I agree with Architect! My response is basically another way of saying entropy is the primary difference.
Both code and language require interpretation. Grammar is much more important to code than written languages. Some parts of the code are not interpreted, like strings of characters. Making a mistake in code would result in complete failure, and has almost no effect with spoken language.
The biggest difference in my opinion is that spoken and written language is interpreted each time that the information is communicated. Programming languages on the other hand are interpreted or compiled into a different language, and then interpreted by a consistent set of rules. Even with computers the interpretations can change over time, or function differently with different hardware configurations. However, each version of the interpreter is technically a different language which is why software only works on specific version ranges of the interpreter. Whereas people can change their interpretation of the same sentence after each reading.
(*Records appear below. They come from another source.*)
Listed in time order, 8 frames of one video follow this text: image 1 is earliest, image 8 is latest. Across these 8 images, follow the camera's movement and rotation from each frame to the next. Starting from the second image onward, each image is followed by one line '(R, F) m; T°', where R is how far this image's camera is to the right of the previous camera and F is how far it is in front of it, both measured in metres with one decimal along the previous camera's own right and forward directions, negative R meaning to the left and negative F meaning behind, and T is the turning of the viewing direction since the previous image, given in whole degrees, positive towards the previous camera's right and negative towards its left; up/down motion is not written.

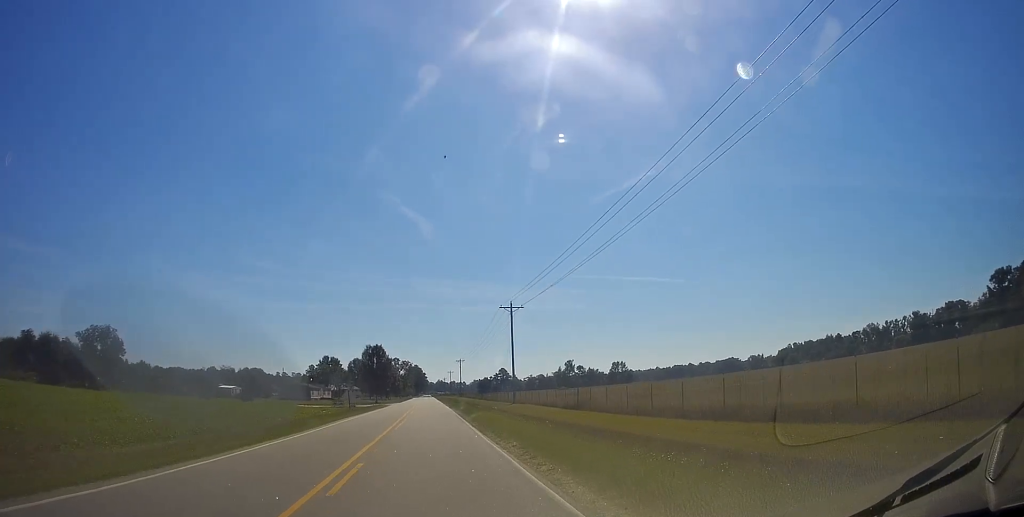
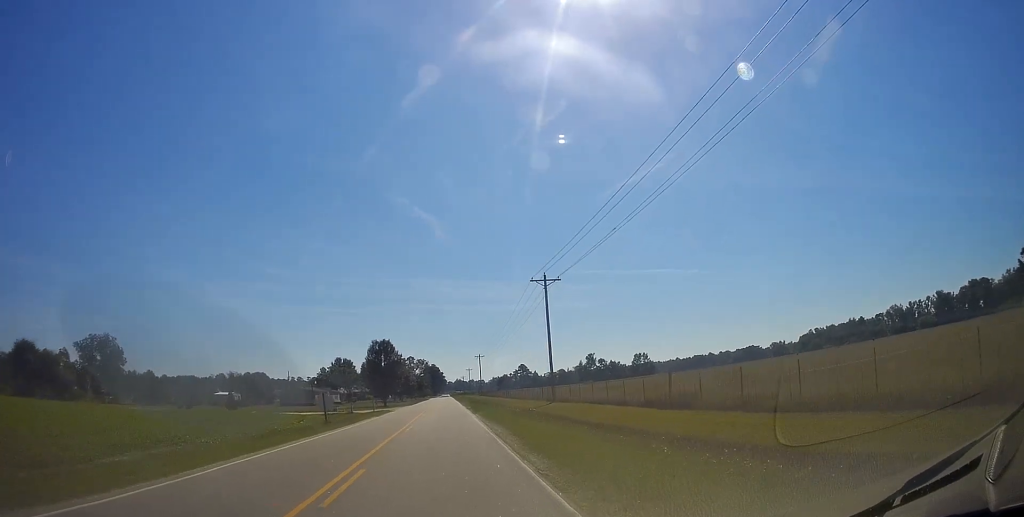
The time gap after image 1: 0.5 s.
(+0.3, +12.4) m; -2°
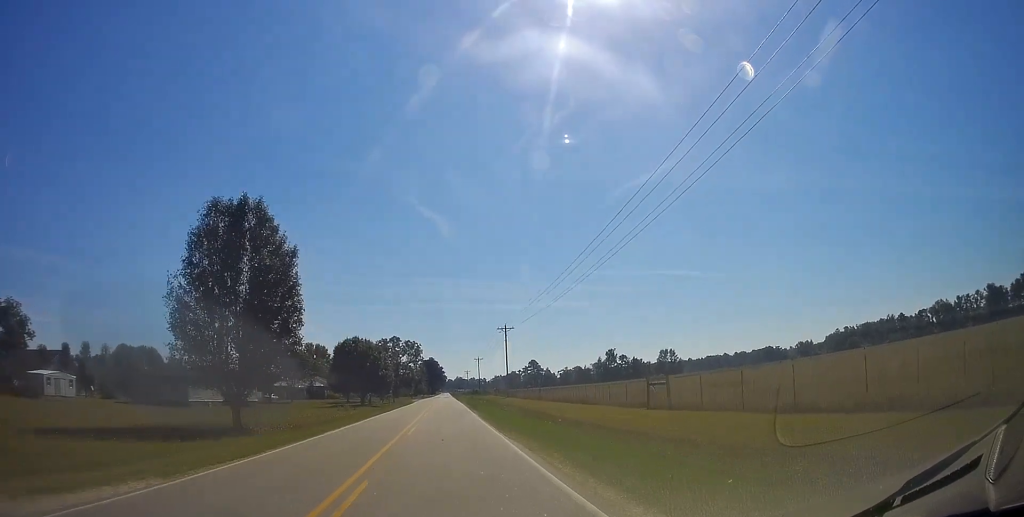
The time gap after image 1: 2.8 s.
(-3.7, +60.9) m; -4°
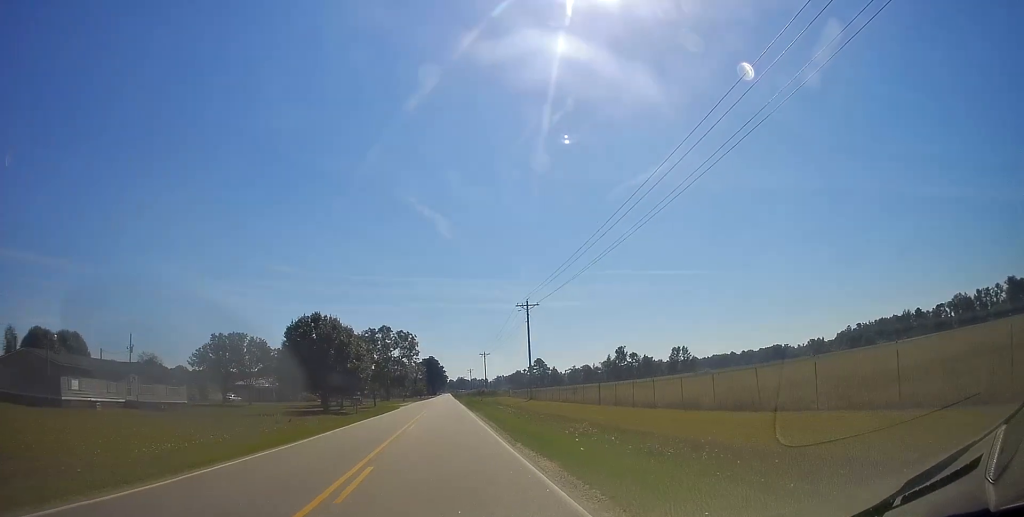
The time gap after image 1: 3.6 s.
(-0.4, +22.5) m; 0°
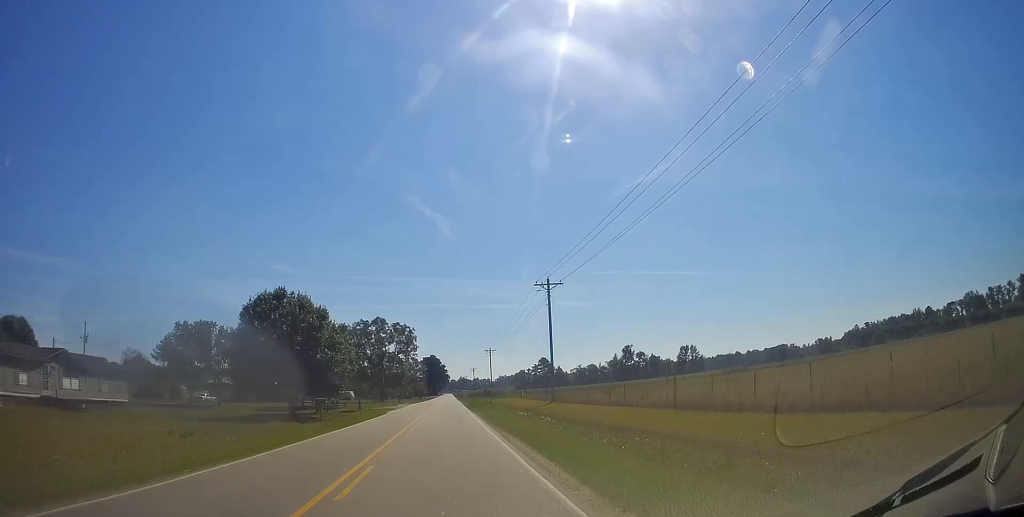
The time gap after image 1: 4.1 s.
(+0.1, +11.7) m; 0°
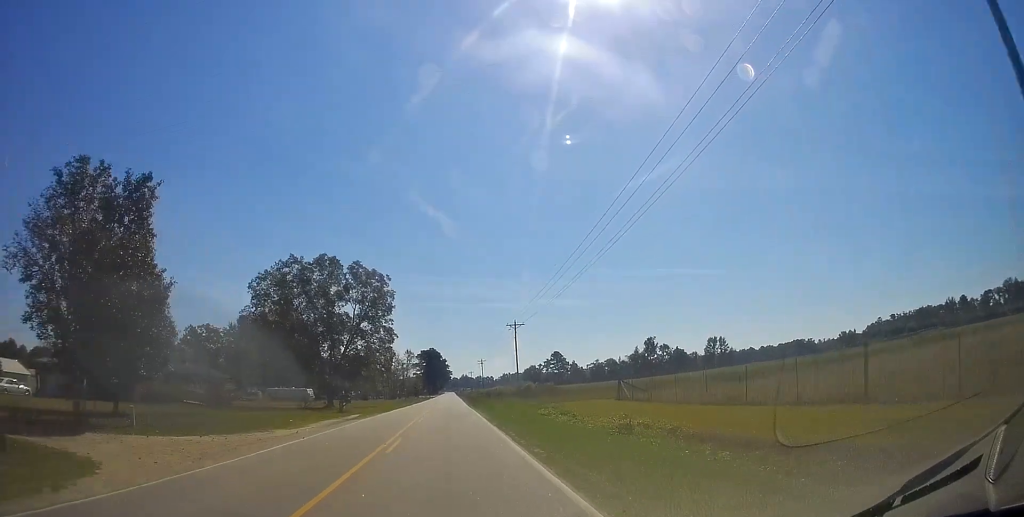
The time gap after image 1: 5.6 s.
(+0.3, +42.9) m; 0°
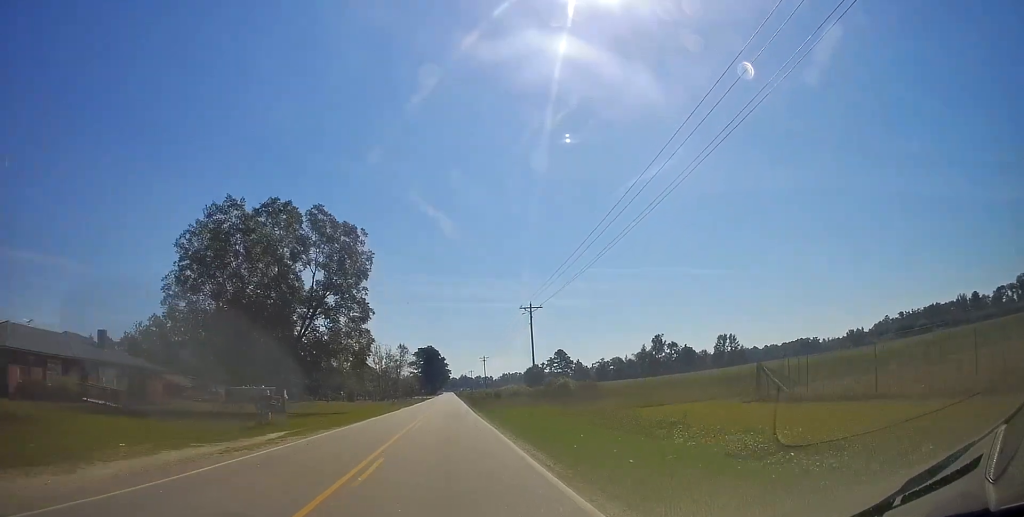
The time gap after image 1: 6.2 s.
(0.0, +15.8) m; 0°
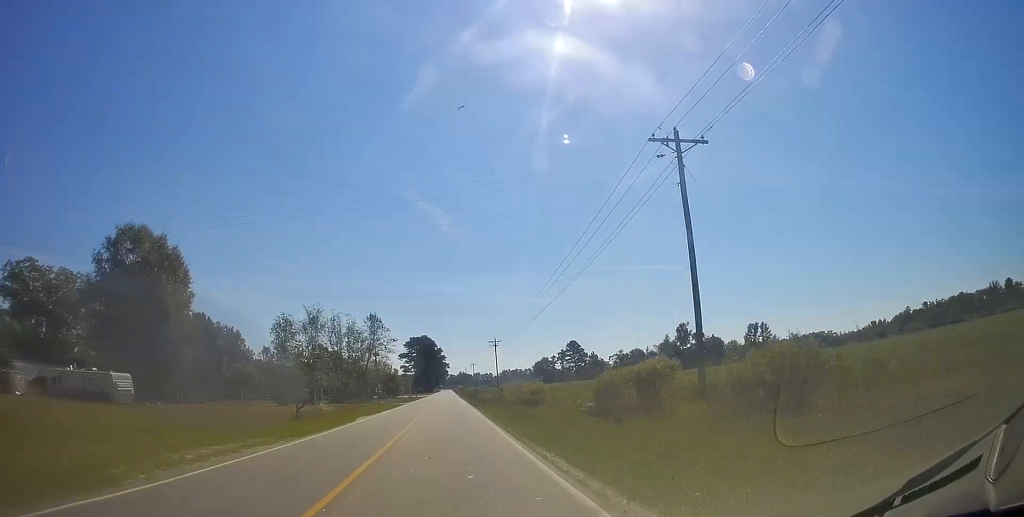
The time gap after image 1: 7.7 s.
(-0.4, +41.7) m; -1°
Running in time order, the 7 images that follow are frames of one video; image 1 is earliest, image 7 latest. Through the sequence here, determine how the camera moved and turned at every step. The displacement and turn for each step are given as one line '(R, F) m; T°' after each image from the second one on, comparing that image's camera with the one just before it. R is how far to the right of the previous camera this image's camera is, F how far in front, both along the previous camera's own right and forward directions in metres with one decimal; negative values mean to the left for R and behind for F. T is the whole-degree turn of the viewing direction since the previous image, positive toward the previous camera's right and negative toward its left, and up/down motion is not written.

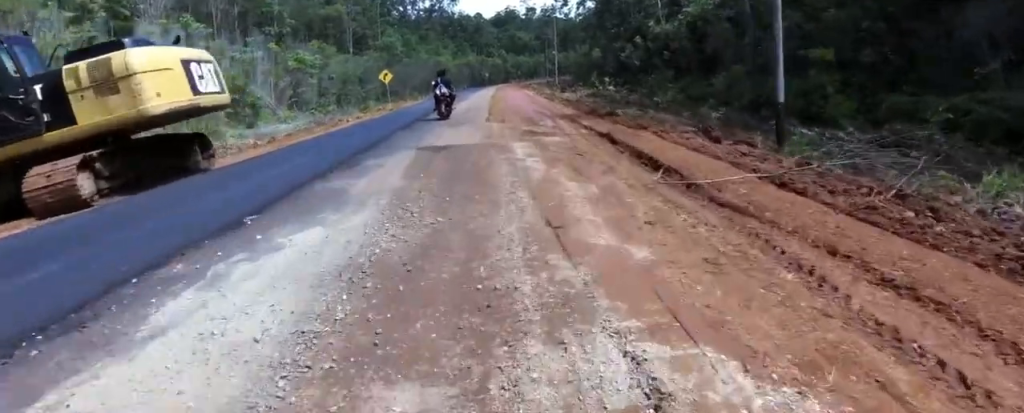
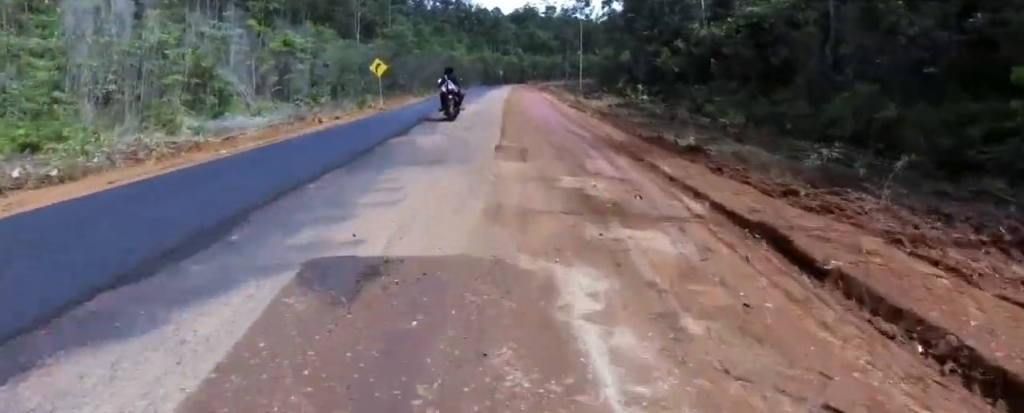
(-0.2, +6.8) m; -1°
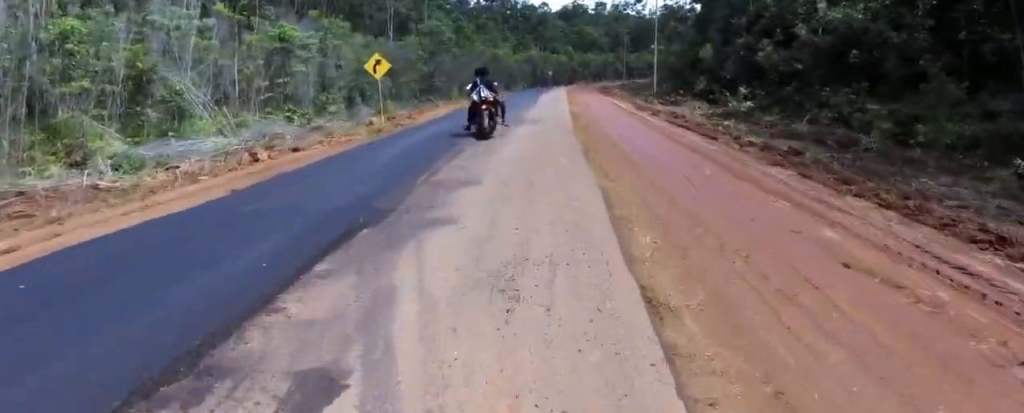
(0.0, +10.3) m; +1°
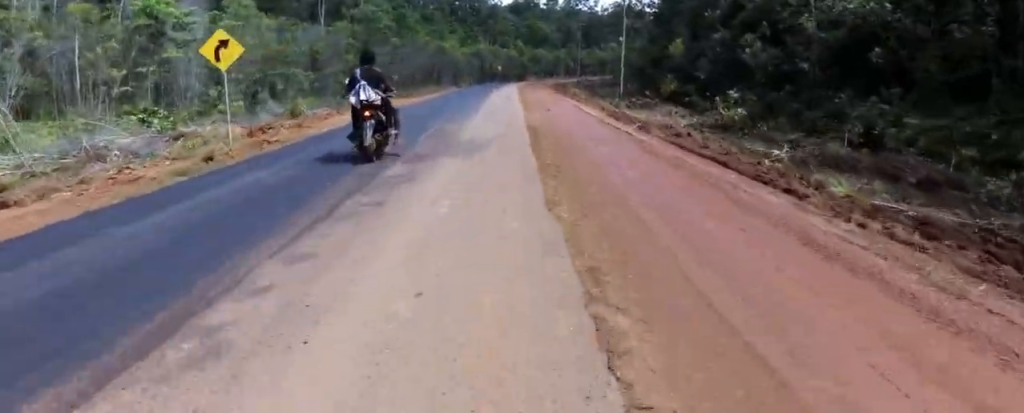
(+0.1, +7.3) m; +5°
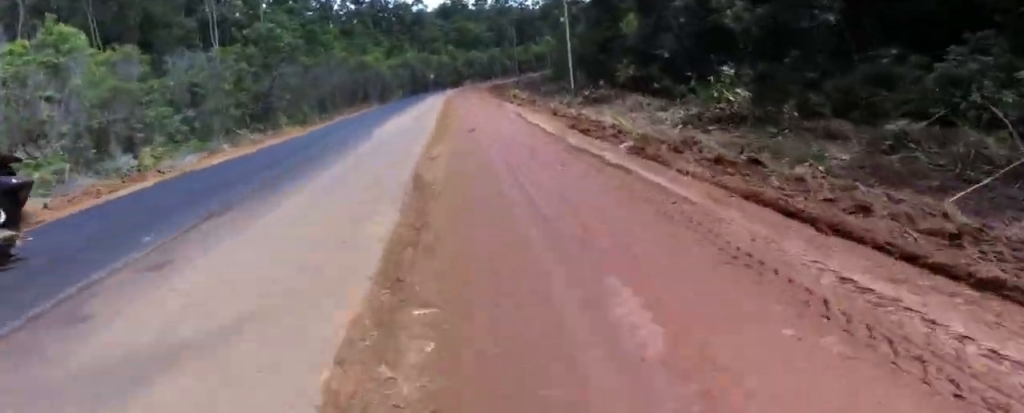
(+1.0, +8.8) m; +9°
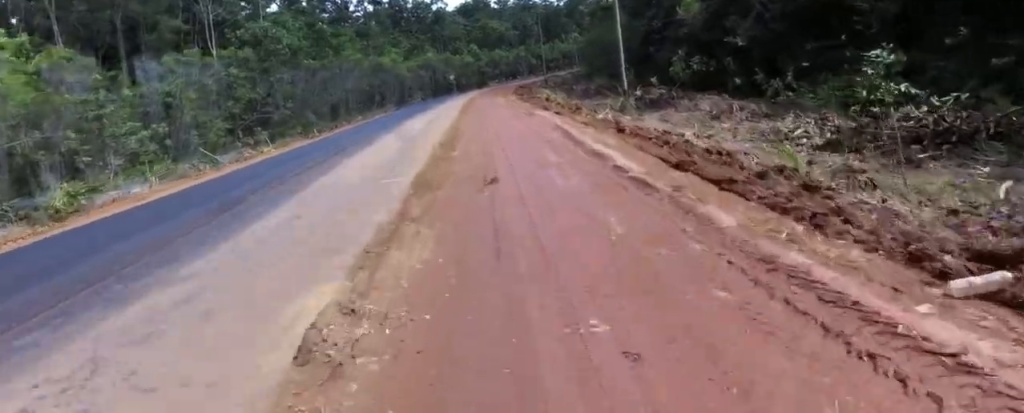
(+0.1, +6.9) m; -6°
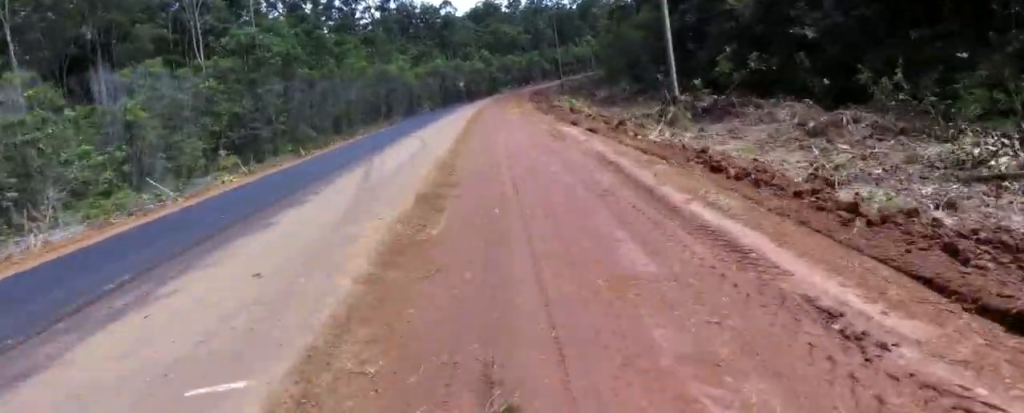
(-0.6, +4.9) m; -7°
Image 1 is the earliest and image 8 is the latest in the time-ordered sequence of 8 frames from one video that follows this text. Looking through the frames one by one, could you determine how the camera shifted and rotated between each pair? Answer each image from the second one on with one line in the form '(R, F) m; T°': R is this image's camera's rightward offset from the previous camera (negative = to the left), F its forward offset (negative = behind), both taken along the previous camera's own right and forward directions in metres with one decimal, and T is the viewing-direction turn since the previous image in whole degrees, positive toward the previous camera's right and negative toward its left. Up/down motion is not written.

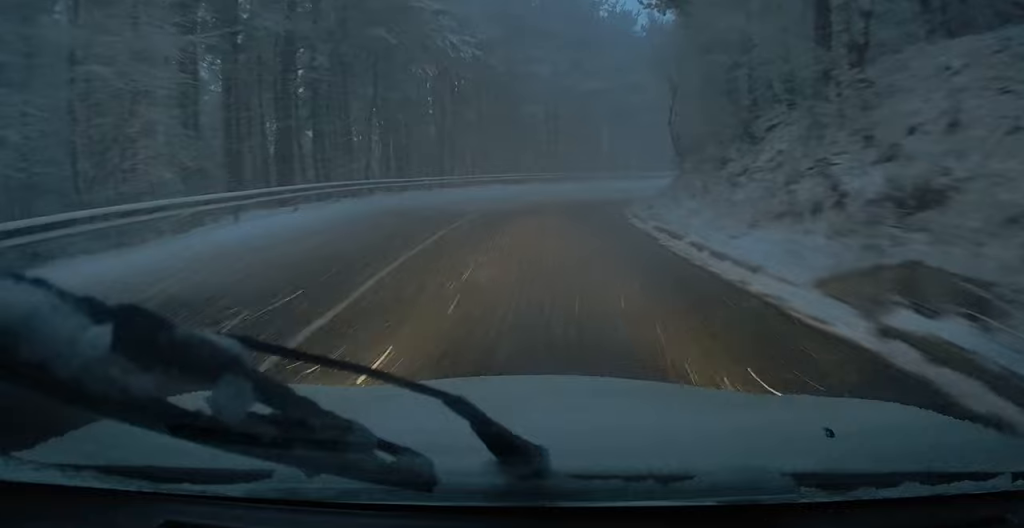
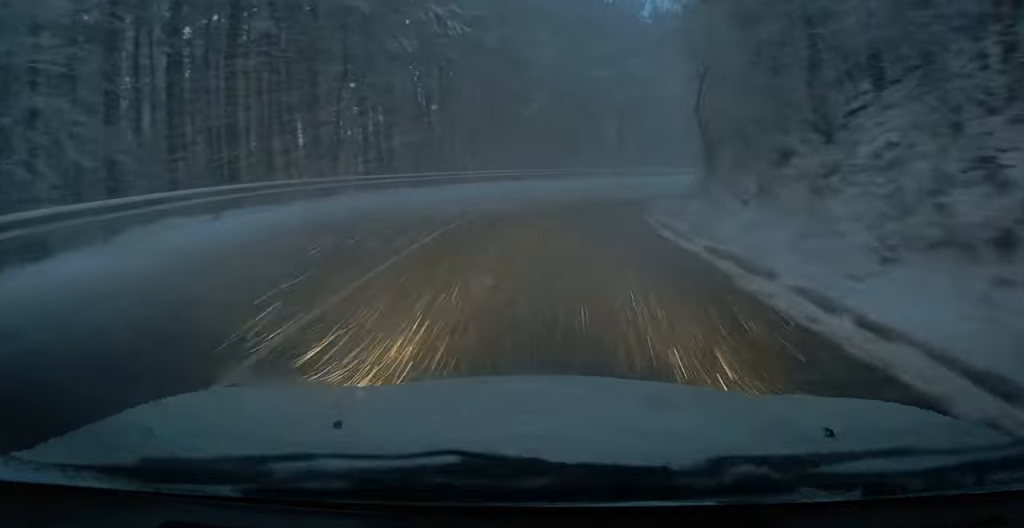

Also, written and spoken languages are not so well defined. With computers, they are precisely defined by the code/mechanism that processes it.
Another thing to consider is that binary 010101010001 is not exactly binary. It may be represented as 1's and 0's but in reality it's highs and lows (or frequency key shifting, etc...). This is where code can be misinterpreted. An example is when binary data is transferred over a wireless network. It is transferred using a wave, which is not binary. So it will read the high points as 1's and low points as 0's. I'm oversimplifying how it works to illustrate my point and you can look up digital modulation if you want to learn more.
If written and spoken languages were precise, then they would be less effective. People can derive understanding from parts of words, etymology, context, and so on. People use something called fuzzy-logic, which allows us to read and understand words that a computer would not understand without using fuzzy-logic (or a database of misspellings like a dictionary which may use fuzzy logic to find possible replacement words). There are a few good examples of this:
1. When you see a road sign, but you can not make out the letters, you can still read the sign. You can approximate the width and shape of each of the letters, and the length of each of the words to come up with a small range of possibilities. Then using other information such as memory, you can narrow it down to a single result.
2. You can read sentences fluently even when most of the words are jumbled. This is called Typoglycemia and you've probably seen similar examples before.
"I cdn'uolt blveiee taht I cluod aulaclty uesdnatnrd waht I was rdanieg: the phaonmneel pweor of the hmuan mnid. Aoccdrnig to a rseearch taem at Cmabrigde Uinervtisy, it deosn't mttaer in waht oredr the ltteers in a wrod are, the olny iprmoatnt tihng is taht the frist and lsat ltteer be in the rghit pclae. The rset can be a taotl mses and you can sitll raed it wouthit a porbelm. Tihs is bcuseae the huamn mnid deos not raed ervey lteter by istlef, but the wrod as a wlohe. Scuh a cdonition is arppoiatrely cllaed Typoglycemia .
"Amzanig huh? Yaeh and you awlyas thguoht slpeling was ipmorantt."
Imagine a computer trying to read and understand that!
my foray into programming was with an AP course taught in C++, followed by systems level programming in C! glad i stuck it out, though.